Tissue Eng Part A 2021 Dec 12;27(23-24):1447-1457. Epub 2021 May 12.

Department of Biomedical Engineering, Boston University, Boston, Massachusetts, USA.

Gap closure is a dynamic process in wound healing, in which a wound contracts and a provisional matrix is laid down, to restore structural integrity to injured tissues. The efficiency of wound closure has been found to depend on the shape of a wound, and this shape dependence has been echoed in various studies. While wound shape itself appears to contribute to this effect, it remains unclear whether the alignment of the surrounding extracellular matrix (ECM) may also contribute. In this study, we investigate the role both wound curvature and ECM alignment have on gap closure in a 3D culture model of fibrous tissue. Using microfabricated flexible micropillars positioned in rectangular and octagonal arrangements, seeded 3T3 fibroblasts embedded in a collagen matrix formed microtissues with different ECM alignments. Wounding these microtissues with a microsurgical knife resulted in wounds with different shapes and curvatures that closed at different rates. Observing different regions around the wounds, we noted local wound curvature did not impact the rate of production of provisional fibronectin matrix assembled by the fibroblasts.
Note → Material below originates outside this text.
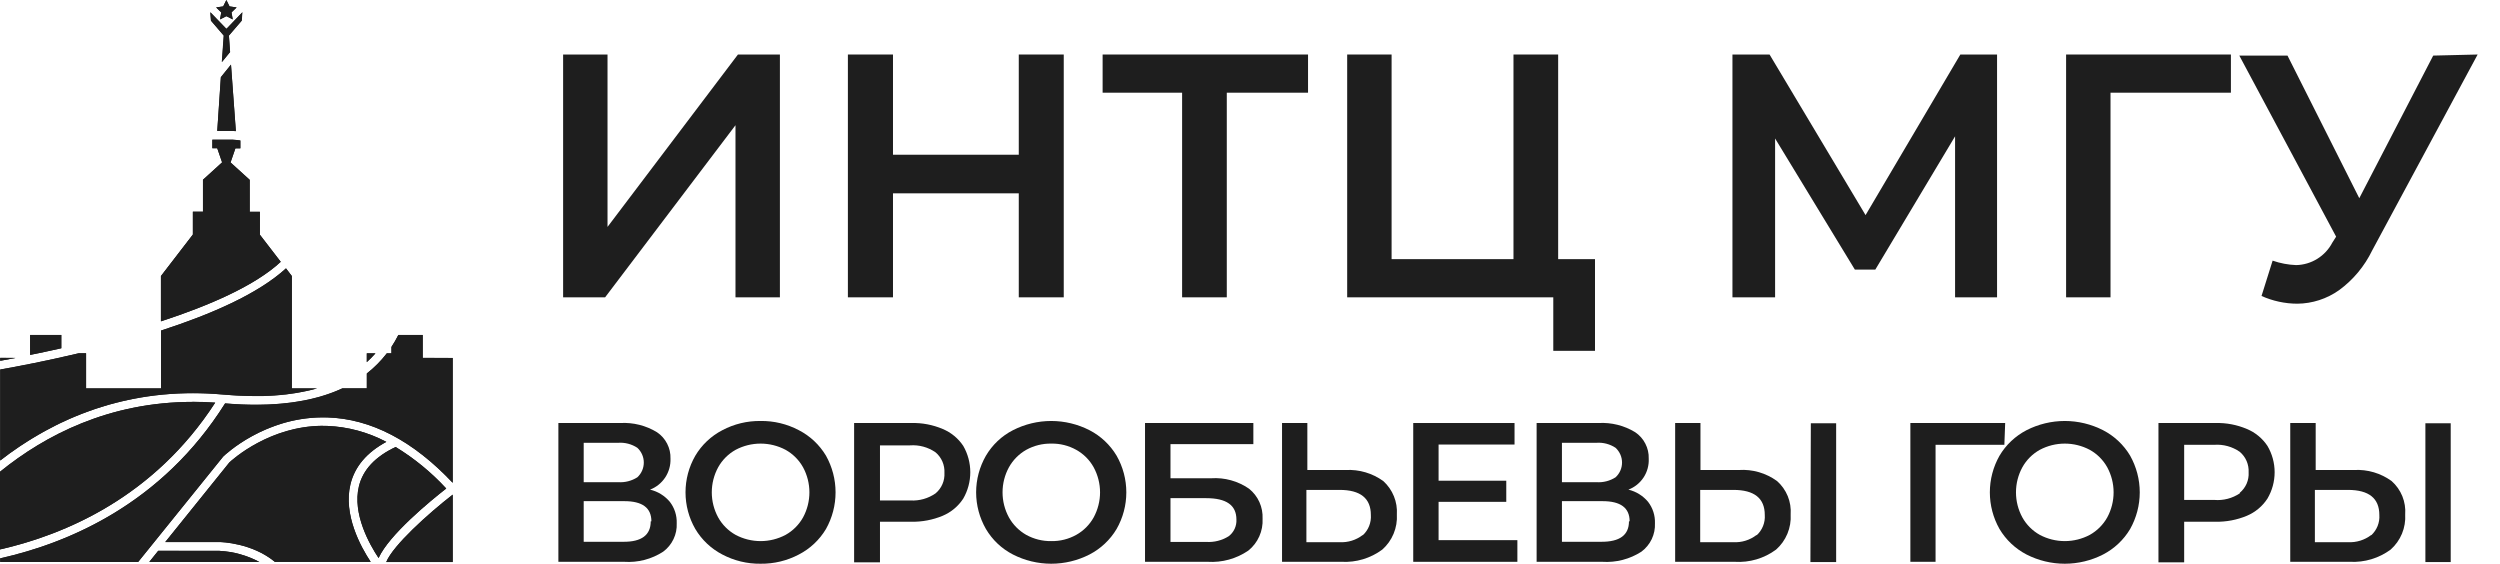 <?xml version="1.0" encoding="UTF-8"?> <svg xmlns="http://www.w3.org/2000/svg" width="102" height="23" viewBox="0 0 102 23" fill="none"><path d="M22.975 2.224H24.787V9.258L30.108 2.224H31.82V12.131H30.008V5.109L24.688 12.131H22.975V2.224Z" fill="#1E1E1E"></path><path d="M43.401 2.224V12.131H41.566V7.888H36.434V12.131H34.594V2.224H36.434V6.313H41.566V2.224H43.401Z" fill="#1E1E1E"></path><path d="M53.368 3.782H50.053V12.131H48.23V3.782H44.987V2.224H53.368V3.782Z" fill="#1E1E1E"></path><path d="M65.076 10.573V14.314H63.374V12.131H54.965V2.224H56.777V10.573H61.75V2.224H63.573V10.573H65.076Z" fill="#1E1E1E"></path><path d="M79.767 12.131V5.562L76.513 10.999H75.678L72.424 5.65V12.131H70.684V2.224H72.198L76.115 8.777L79.982 2.224H81.48V12.131H79.767Z" fill="#1E1E1E"></path><path d="M91.021 3.782H86.109V12.131H84.297V2.224H91.021V3.782Z" fill="#1E1E1E"></path><path d="M101.088 2.224L96.784 10.22C96.474 10.861 96.011 11.417 95.436 11.838C94.936 12.193 94.34 12.386 93.728 12.391C93.225 12.389 92.729 12.281 92.27 12.076L92.723 10.634C93.032 10.742 93.356 10.803 93.684 10.816C93.99 10.809 94.287 10.721 94.547 10.559C94.806 10.398 95.018 10.17 95.159 9.899L95.314 9.656L91.364 2.268H93.33L96.259 8.087L99.275 2.268L101.088 2.224Z" fill="#1E1E1E"></path><path d="M27.329 20.474C27.522 20.724 27.621 21.033 27.61 21.348C27.621 21.572 27.576 21.794 27.479 21.997C27.383 22.199 27.238 22.375 27.058 22.508C26.586 22.814 26.028 22.96 25.467 22.922H22.782V17.259H25.312C25.836 17.23 26.356 17.361 26.804 17.634C26.98 17.753 27.123 17.913 27.219 18.102C27.316 18.29 27.363 18.5 27.356 18.712C27.366 18.983 27.291 19.251 27.142 19.478C26.992 19.705 26.776 19.88 26.522 19.977C26.838 20.051 27.121 20.226 27.329 20.474ZM23.815 19.673H25.224C25.498 19.691 25.77 19.622 26.003 19.474C26.086 19.398 26.153 19.305 26.198 19.201C26.244 19.097 26.267 18.985 26.267 18.872C26.267 18.759 26.244 18.647 26.198 18.543C26.153 18.44 26.086 18.346 26.003 18.27C25.772 18.118 25.499 18.047 25.224 18.066H23.815V19.673ZM26.577 21.27C26.577 20.718 26.207 20.447 25.472 20.447H23.815V22.105H25.433C26.179 22.11 26.55 21.828 26.55 21.27H26.577Z" fill="#1E1E1E"></path><path d="M29.472 22.624C29.013 22.386 28.63 22.024 28.367 21.58C28.106 21.126 27.969 20.611 27.969 20.088C27.969 19.564 28.106 19.05 28.367 18.596C28.63 18.151 29.013 17.79 29.472 17.552C29.952 17.298 30.487 17.169 31.03 17.176C31.574 17.168 32.112 17.298 32.593 17.552C33.052 17.788 33.434 18.148 33.699 18.59C33.956 19.048 34.091 19.563 34.091 20.088C34.091 20.612 33.956 21.128 33.699 21.585C33.434 22.028 33.052 22.388 32.593 22.624C32.112 22.878 31.574 23.007 31.03 23C30.487 23.007 29.952 22.877 29.472 22.624ZM32.052 21.823C32.351 21.656 32.598 21.409 32.765 21.11C32.935 20.796 33.024 20.445 33.024 20.088C33.024 19.731 32.935 19.38 32.765 19.066C32.598 18.766 32.351 18.52 32.052 18.353C31.738 18.186 31.388 18.099 31.033 18.099C30.677 18.099 30.327 18.186 30.013 18.353C29.714 18.52 29.467 18.766 29.301 19.066C29.13 19.38 29.041 19.731 29.041 20.088C29.041 20.445 29.13 20.796 29.301 21.11C29.467 21.409 29.714 21.656 30.013 21.823C30.327 21.99 30.677 22.077 31.033 22.077C31.388 22.077 31.738 21.99 32.052 21.823Z" fill="#1E1E1E"></path><path d="M38.461 17.502C38.803 17.644 39.096 17.884 39.301 18.193C39.489 18.52 39.588 18.89 39.588 19.267C39.588 19.645 39.489 20.015 39.301 20.342C39.098 20.655 38.805 20.899 38.461 21.044C38.055 21.213 37.619 21.296 37.179 21.287H35.903V22.944H34.848V17.259H37.179C37.619 17.247 38.056 17.33 38.461 17.502ZM38.174 20.127C38.295 20.025 38.39 19.897 38.452 19.752C38.515 19.607 38.542 19.45 38.533 19.292C38.541 19.135 38.513 18.978 38.451 18.833C38.388 18.689 38.294 18.56 38.174 18.458C37.869 18.245 37.5 18.144 37.13 18.171H35.903V20.419H37.146C37.512 20.44 37.874 20.337 38.174 20.127Z" fill="#1E1E1E"></path><path d="M41.329 22.624C40.869 22.388 40.486 22.026 40.224 21.58C39.964 21.126 39.826 20.611 39.826 20.088C39.826 19.564 39.964 19.05 40.224 18.596C40.486 18.15 40.869 17.787 41.329 17.552C41.813 17.305 42.347 17.176 42.89 17.176C43.433 17.176 43.968 17.305 44.451 17.552C44.909 17.788 45.292 18.148 45.556 18.59C45.817 19.046 45.954 19.562 45.954 20.088C45.954 20.613 45.817 21.129 45.556 21.585C45.292 22.028 44.909 22.387 44.451 22.624C43.968 22.871 43.433 23 42.89 23C42.347 23 41.813 22.871 41.329 22.624ZM43.91 21.823C44.209 21.656 44.456 21.409 44.622 21.11C44.792 20.796 44.882 20.445 44.882 20.088C44.882 19.731 44.792 19.379 44.622 19.066C44.456 18.766 44.209 18.519 43.91 18.353C43.599 18.18 43.248 18.092 42.893 18.099C42.536 18.093 42.184 18.18 41.871 18.353C41.574 18.521 41.33 18.768 41.164 19.066C40.993 19.379 40.904 19.731 40.904 20.088C40.904 20.445 40.993 20.796 41.164 21.11C41.33 21.408 41.574 21.654 41.871 21.823C42.184 21.995 42.536 22.083 42.893 22.077C43.248 22.084 43.599 21.996 43.91 21.823Z" fill="#1E1E1E"></path><path d="M46.717 17.259H51.137V18.121H47.756V19.513H49.413C49.962 19.476 50.507 19.626 50.96 19.939C51.143 20.085 51.288 20.272 51.384 20.485C51.48 20.698 51.524 20.932 51.513 21.165C51.526 21.412 51.48 21.659 51.379 21.884C51.279 22.11 51.125 22.309 50.932 22.464C50.446 22.797 49.863 22.958 49.275 22.922H46.717V17.259ZM49.209 22.11C49.533 22.132 49.856 22.051 50.131 21.878C50.235 21.799 50.318 21.695 50.373 21.577C50.427 21.459 50.453 21.329 50.446 21.198C50.446 20.613 50.038 20.325 49.209 20.325H47.756V22.11H49.209Z" fill="#1E1E1E"></path><path d="M56.44 19.629C56.628 19.8 56.775 20.01 56.871 20.246C56.967 20.481 57.008 20.735 56.992 20.988C57.008 21.258 56.963 21.527 56.859 21.776C56.756 22.025 56.597 22.247 56.395 22.425C55.917 22.778 55.331 22.954 54.738 22.922H52.307V17.259H53.34V19.176H54.909C55.456 19.148 55.996 19.307 56.44 19.629ZM55.6 21.839C55.714 21.735 55.803 21.606 55.86 21.463C55.917 21.319 55.942 21.165 55.931 21.011C55.931 20.331 55.506 19.988 54.655 19.988H53.301V22.121H54.655C54.995 22.14 55.33 22.036 55.6 21.828V21.839Z" fill="#1E1E1E"></path><path d="M61.909 22.038V22.922H57.66V17.259H61.793V18.137H58.694V19.613H61.456V20.475H58.694V22.038H61.909Z" fill="#1E1E1E"></path><path d="M67.241 20.474C67.434 20.724 67.533 21.033 67.522 21.348C67.532 21.571 67.487 21.794 67.391 21.997C67.294 22.199 67.15 22.374 66.97 22.508C66.496 22.814 65.936 22.959 65.373 22.922H62.694V17.259H65.224C65.748 17.23 66.268 17.361 66.716 17.634C66.892 17.753 67.035 17.913 67.131 18.102C67.228 18.29 67.275 18.5 67.268 18.712C67.281 18.983 67.208 19.252 67.059 19.479C66.91 19.706 66.693 19.881 66.439 19.977C66.753 20.052 67.034 20.227 67.241 20.474ZM63.727 19.673H65.135C65.41 19.692 65.683 19.622 65.915 19.474C65.998 19.398 66.064 19.305 66.11 19.201C66.156 19.097 66.179 18.985 66.179 18.872C66.179 18.759 66.156 18.647 66.11 18.543C66.064 18.44 65.998 18.346 65.915 18.27C65.685 18.118 65.411 18.046 65.135 18.066H63.727V19.673ZM66.489 21.27C66.489 20.718 66.119 20.447 65.384 20.447H63.727V22.105H65.323C66.091 22.11 66.462 21.828 66.462 21.27H66.489Z" fill="#1E1E1E"></path><path d="M72.506 19.629C72.696 19.798 72.845 20.009 72.941 20.244C73.037 20.48 73.077 20.735 73.059 20.988C73.075 21.258 73.03 21.527 72.926 21.776C72.823 22.025 72.664 22.247 72.462 22.425C71.976 22.784 71.38 22.96 70.777 22.922H68.346V17.259H69.379V19.176H70.948C71.504 19.14 72.056 19.3 72.506 19.629ZM71.672 21.839C71.786 21.735 71.875 21.606 71.932 21.463C71.99 21.319 72.014 21.165 72.003 21.011C72.003 20.331 71.578 19.988 70.722 19.988H69.368V22.121H70.716C71.058 22.141 71.395 22.037 71.666 21.828L71.672 21.839ZM73.882 17.27H74.915V22.933H73.865L73.882 17.27Z" fill="#1E1E1E"></path><path d="M81.778 18.148H78.971V22.922H77.943V17.259H81.811L81.778 18.148Z" fill="#1E1E1E"></path><path d="M82.683 22.624C82.224 22.386 81.841 22.024 81.578 21.58C81.321 21.125 81.186 20.61 81.186 20.088C81.186 19.565 81.321 19.051 81.578 18.596C81.841 18.151 82.224 17.79 82.683 17.552C83.166 17.305 83.701 17.176 84.244 17.176C84.786 17.176 85.321 17.305 85.805 17.552C86.263 17.788 86.645 18.148 86.909 18.59C87.166 19.048 87.302 19.563 87.302 20.088C87.302 20.612 87.166 21.128 86.909 21.585C86.645 22.028 86.263 22.387 85.805 22.624C85.321 22.871 84.786 23 84.244 23C83.701 23 83.166 22.871 82.683 22.624ZM85.263 21.823C85.562 21.656 85.809 21.409 85.976 21.11C86.146 20.796 86.235 20.445 86.235 20.088C86.235 19.731 86.146 19.379 85.976 19.066C85.809 18.766 85.562 18.519 85.263 18.353C84.949 18.186 84.599 18.099 84.244 18.099C83.888 18.099 83.538 18.186 83.224 18.353C82.925 18.519 82.678 18.766 82.512 19.066C82.341 19.379 82.252 19.731 82.252 20.088C82.252 20.445 82.341 20.796 82.512 21.11C82.678 21.409 82.925 21.656 83.224 21.823C83.538 21.99 83.888 22.077 84.244 22.077C84.599 22.077 84.949 21.99 85.263 21.823Z" fill="#1E1E1E"></path><path d="M91.672 17.502C92.015 17.644 92.307 17.884 92.512 18.193C92.704 18.518 92.805 18.889 92.805 19.267C92.805 19.645 92.704 20.016 92.512 20.342C92.309 20.655 92.016 20.899 91.672 21.044C91.267 21.213 90.83 21.296 90.391 21.287H89.114V22.944H88.065V17.259H90.391C90.83 17.247 91.267 17.33 91.672 17.502ZM91.385 20.104C91.506 20.003 91.601 19.875 91.664 19.73C91.726 19.585 91.754 19.427 91.744 19.27C91.752 19.113 91.724 18.956 91.662 18.811C91.6 18.666 91.505 18.538 91.385 18.436C91.08 18.223 90.712 18.122 90.341 18.148H89.114V20.397H90.341C90.71 20.429 91.078 20.333 91.385 20.127V20.104Z" fill="#1E1E1E"></path><path d="M97.58 19.629C97.77 19.798 97.919 20.009 98.015 20.244C98.11 20.48 98.151 20.735 98.132 20.988C98.148 21.258 98.103 21.527 98 21.776C97.896 22.025 97.738 22.247 97.536 22.425C97.057 22.777 96.471 22.953 95.878 22.922H93.442V17.259H94.48V19.176H96.049C96.597 19.146 97.137 19.306 97.58 19.629ZM96.746 21.839C96.859 21.735 96.948 21.606 97.006 21.463C97.063 21.319 97.088 21.165 97.077 21.011C97.077 20.331 96.652 19.988 95.795 19.988H94.447V22.121H95.795C96.137 22.14 96.474 22.036 96.746 21.828V21.839ZM98.956 17.27H99.989V22.933H98.956V17.27Z" fill="#1E1E1E"></path><path d="M8.979 0.791L9.237 0.657L9.494 0.791L9.444 0.505L9.653 0.302L9.365 0.261L9.237 0L9.108 0.261L8.82 0.302L9.029 0.505L8.979 0.791Z" fill="#1E1E1E"></path><path d="M9.237 0.294L9.249 0.318L9.279 0.379L9.347 0.39H9.373L9.353 0.408L9.305 0.456L9.317 0.524V0.55L9.293 0.537L9.233 0.505L9.172 0.537L9.149 0.55V0.524L9.159 0.456L9.124 0.412L9.1 0.391H9.124L9.192 0.38L9.223 0.319L9.235 0.296M9.235 0.001L9.104 0.262L8.816 0.304L9.025 0.507L8.975 0.792L9.236 0.662L9.496 0.792L9.447 0.507L9.655 0.304L9.365 0.261L9.235 0V0.001Z" fill="#1E1E1E"></path><path d="M8.864 5.341H9.474C9.486 5.341 9.541 5.341 9.623 5.35L9.425 2.641L9.013 3.151L8.864 5.341Z" fill="#1E1E1E"></path><path d="M9.318 2.981L9.476 5.211H8.994L9.136 3.2L9.314 2.978M9.421 2.638L9.009 3.149L8.864 5.341H9.474C9.486 5.341 9.541 5.341 9.623 5.35L9.425 2.641L9.421 2.638Z" fill="#1E1E1E"></path><path d="M10.603 9.574V8.641H10.188V7.338L9.406 6.628L9.605 6.051H9.807V5.732C9.693 5.714 9.579 5.703 9.463 5.698H8.664V6.046H8.863L9.062 6.623L8.281 7.333V8.636H7.869V9.568L6.566 11.262V13.109C8.537 12.468 10.407 11.655 11.454 10.682L10.603 9.574Z" fill="#1E1E1E"></path><path d="M9.463 5.831C9.473 5.831 9.552 5.831 9.678 5.849V5.918H9.514L9.484 6.005L9.284 6.584L9.256 6.665L9.32 6.722L10.057 7.394V8.771H10.473V9.618L10.5 9.653L11.282 10.661C10.384 11.456 8.846 12.225 6.702 12.929V11.306L7.972 9.653L7.999 9.618V8.771H8.415V7.394L9.153 6.722L9.216 6.665L9.189 6.584L8.993 6.005L8.963 5.918H8.794V5.831H9.463ZM9.463 5.701H8.664V6.048H8.863L9.062 6.626L8.281 7.336V8.638H7.869V9.571L6.566 11.264V13.112C8.537 12.468 10.407 11.655 11.454 10.682L10.603 9.579V8.641H10.188V7.338L9.406 6.628L9.605 6.051H9.807V5.732C9.693 5.714 9.579 5.703 9.463 5.698V5.701Z" fill="#1E1E1E"></path><path d="M0.008 14.6V14.721C0.189 14.688 0.399 14.65 0.623 14.606L0.008 14.6Z" fill="#1E1E1E"></path><path d="M0.623 14.6H0.008V14.721C0.189 14.688 0.399 14.65 0.623 14.606V14.6Z" fill="#1E1E1E"></path><path d="M2.502 13.665H1.229V14.48C1.619 14.4 2.045 14.31 2.502 14.207V13.665Z" fill="#1E1E1E"></path><path d="M2.372 13.796V14.103C2.039 14.177 1.699 14.25 1.359 14.319V13.798H2.372M2.502 13.668H1.229V14.482C1.619 14.403 2.045 14.313 2.502 14.21V13.665V13.668Z" fill="#1E1E1E"></path><path d="M8.781 16.429C8.474 16.408 8.17 16.397 7.869 16.397C4.452 16.397 1.841 17.755 0 19.245V22.417C2.669 21.808 6.293 20.273 8.781 16.429Z" fill="#1E1E1E"></path><path d="M7.875 16.528C8.098 16.528 8.323 16.528 8.547 16.546C6.128 20.157 2.679 21.643 0.136 22.253V19.308C2.434 17.463 5.038 16.528 7.875 16.528ZM7.875 16.397C4.458 16.397 1.846 17.755 0.006 19.245V22.417C2.668 21.808 6.292 20.273 8.78 16.425C8.473 16.404 8.169 16.393 7.869 16.393L7.875 16.397Z" fill="#1E1E1E"></path><path d="M15.318 14.417H14.965V14.774C15.09 14.662 15.207 14.543 15.318 14.417Z" fill="#1E1E1E"></path><path d="M15.318 14.417H14.965V14.774C15.09 14.662 15.207 14.543 15.318 14.417Z" fill="#1E1E1E"></path><path d="M9.134 1.451L9.057 2.532L9.389 2.122L9.341 1.451L9.866 0.842L9.891 0.496L9.247 1.167H9.229L8.584 0.496L8.609 0.842L9.134 1.451Z" fill="#1E1E1E"></path><path d="M9.304 1.303L9.242 1.373L9.172 1.303H9.302M9.237 1.839L9.255 2.084L9.218 2.133L9.239 1.838M9.89 0.502L9.248 1.172H9.229L8.578 0.502L8.604 0.842L9.125 1.451L9.048 2.532L9.386 2.122L9.338 1.451L9.859 0.842L9.882 0.496L9.89 0.502Z" fill="#1E1E1E"></path><path d="M9.107 16.098C10.605 16.228 11.884 16.147 12.938 15.847H11.907V11.262L11.668 10.949C10.534 11.991 8.591 12.832 6.57 13.487V15.847H3.512V14.414H3.211C1.884 14.728 0.736 14.949 0.008 15.076V18.789C2.108 17.158 5.127 15.738 9.107 16.098Z" fill="#1E1E1E"></path><path d="M11.649 11.139L11.78 11.306V15.948C11.332 16.004 10.881 16.031 10.43 16.03C10.016 16.03 9.576 16.009 9.128 15.967C8.712 15.93 8.294 15.911 7.885 15.911C7.476 15.911 7.103 15.928 6.712 15.963V13.582C8.992 12.836 10.655 12.019 11.662 11.139M3.382 14.547V15.98H6.551C4.219 16.221 1.999 17.103 0.138 18.528V15.187C0.871 15.057 1.971 14.844 3.225 14.547H3.382ZM11.668 10.949C10.534 11.991 8.591 12.832 6.57 13.487V15.847H3.512V14.414H3.211C1.884 14.728 0.736 14.949 0.008 15.076V18.789C1.885 17.326 4.499 16.041 7.876 16.041C8.275 16.041 8.685 16.06 9.107 16.098C9.568 16.139 10.008 16.16 10.428 16.16C11.275 16.172 12.119 16.067 12.938 15.847H11.907V11.262L11.668 10.949Z" fill="#1E1E1E"></path><path d="M14.296 19.761C14.471 19.037 14.963 18.458 15.761 18.028C15.013 17.633 14.187 17.41 13.342 17.377C11.079 17.309 9.479 18.759 9.359 18.871L6.742 22.116H8.966C9.029 22.116 10.278 22.149 11.217 22.925H15.125C14.709 22.301 13.999 20.996 14.296 19.761Z" fill="#1E1E1E"></path><path d="M13.179 17.509H13.338C14.081 17.535 14.81 17.712 15.483 18.03C14.777 18.463 14.335 19.031 14.17 19.723C13.892 20.877 14.446 22.068 14.884 22.788H11.262C10.291 22.007 9.022 21.981 8.966 21.979H7.012L9.452 18.953C9.582 18.837 11.081 17.502 13.176 17.502M13.176 17.372C11.001 17.372 9.474 18.755 9.357 18.865L6.742 22.116H8.966C9.028 22.116 10.278 22.149 11.217 22.925H15.125C14.712 22.301 14.002 20.996 14.299 19.761C14.473 19.037 14.966 18.458 15.763 18.028C15.016 17.633 14.189 17.41 13.344 17.377H13.181L13.176 17.372Z" fill="#1E1E1E"></path><path d="M17.247 14.6V13.665H16.254C16.169 13.832 16.076 13.995 15.973 14.151V14.412H15.783C15.546 14.72 15.272 14.996 14.966 15.235V15.842H13.969C12.74 16.414 11.14 16.624 9.184 16.456C6.606 20.561 2.782 22.159 0.008 22.78V22.928H5.636L9.105 18.629C9.176 18.561 10.852 16.956 13.348 17.032C15.13 17.084 16.852 17.983 18.47 19.7V14.606L17.247 14.6Z" fill="#1E1E1E"></path><path d="M17.116 13.796V14.73H18.34V19.37C16.762 17.778 15.083 16.946 13.352 16.895H13.179C10.729 16.895 9.083 18.465 9.01 18.531H9.004L5.574 22.797H0.509C3.232 22.104 6.793 20.463 9.253 16.6C9.659 16.633 10.055 16.649 10.425 16.649C11.824 16.649 13.03 16.423 13.992 15.98H15.09V15.306C15.367 15.083 15.619 14.829 15.84 14.55H16.101V14.193C16.18 14.07 16.256 13.942 16.331 13.802H17.113M17.243 13.672H16.25C16.166 13.839 16.072 14.001 15.969 14.158V14.418H15.783C15.546 14.726 15.272 15.003 14.966 15.242V15.849H13.969C13.014 16.293 11.835 16.515 10.431 16.517C10.033 16.517 9.617 16.499 9.184 16.462C6.606 20.561 2.782 22.159 0.008 22.78V22.928H5.636L9.105 18.629C9.174 18.562 10.777 17.029 13.179 17.029H13.348C15.13 17.081 16.852 17.98 18.47 19.697V14.603H17.247V13.665L17.243 13.672Z" fill="#1E1E1E"></path><path d="M6.455 22.473L6.09 22.928H10.584C10.083 22.661 9.529 22.506 8.962 22.476L6.455 22.473Z" fill="#1E1E1E"></path><path d="M8.96 22.603C9.3 22.623 9.637 22.688 9.96 22.797H6.362L6.518 22.603H8.96ZM8.96 22.473H6.455L6.09 22.928H10.584C10.083 22.661 9.529 22.506 8.962 22.476L8.96 22.473Z" fill="#1E1E1E"></path><path d="M15.758 22.928H18.47V20.179C17.463 20.961 16.046 22.239 15.758 22.928Z" fill="#1E1E1E"></path><path d="M18.34 20.453V22.797H15.971C16.344 22.185 17.387 21.212 18.34 20.453ZM18.47 20.183C17.466 20.965 16.046 22.245 15.758 22.932H18.47V20.183Z" fill="#1E1E1E"></path><path d="M18.206 19.932C17.6 19.274 16.905 18.704 16.142 18.238C15.312 18.629 14.807 19.166 14.643 19.844C14.373 20.962 15.071 22.205 15.446 22.768C15.871 21.82 17.567 20.43 18.206 19.932Z" fill="#1E1E1E"></path><path d="M16.134 18.385C16.824 18.812 17.455 19.327 18.012 19.917C17.318 20.468 15.957 21.611 15.434 22.507C15.083 21.935 14.536 20.841 14.769 19.873C14.919 19.254 15.377 18.754 16.134 18.385ZM16.142 18.237C15.312 18.628 14.807 19.164 14.643 19.843C14.373 20.961 15.071 22.203 15.446 22.766C15.871 21.82 17.567 20.43 18.206 19.93C17.6 19.272 16.905 18.702 16.142 18.237Z" fill="#1E1E1E"></path></svg>

Instead, the rate of provisional matrix assembly was lowest emerging from regions of high fibronectin alignment and highest in the areas of low matrix alignment. Our data suggest that the underlying ECM structure affects the shape of the wound as well as the ability of fibroblasts to build provisional matrix, an important step in the process of tissue closure and restoration of tissue architecture. The study highlights an important interplay between ECM alignment, wound shape, and tissue healing that has not been previously recognized and may inform approaches to engineer tissues. Impact statement Current models of tissue growth have identified a role for curvature in driving provisional matrix assembly. However, most tissue repair occurs in fibrous tissues with different levels of extracellular matrix (ECM) alignment. Here, we show how this underlying ECM alignment may affect the ability of fibroblasts to build new provisional matrix, with implications for wound healing and providing insight for engineering of new tissues.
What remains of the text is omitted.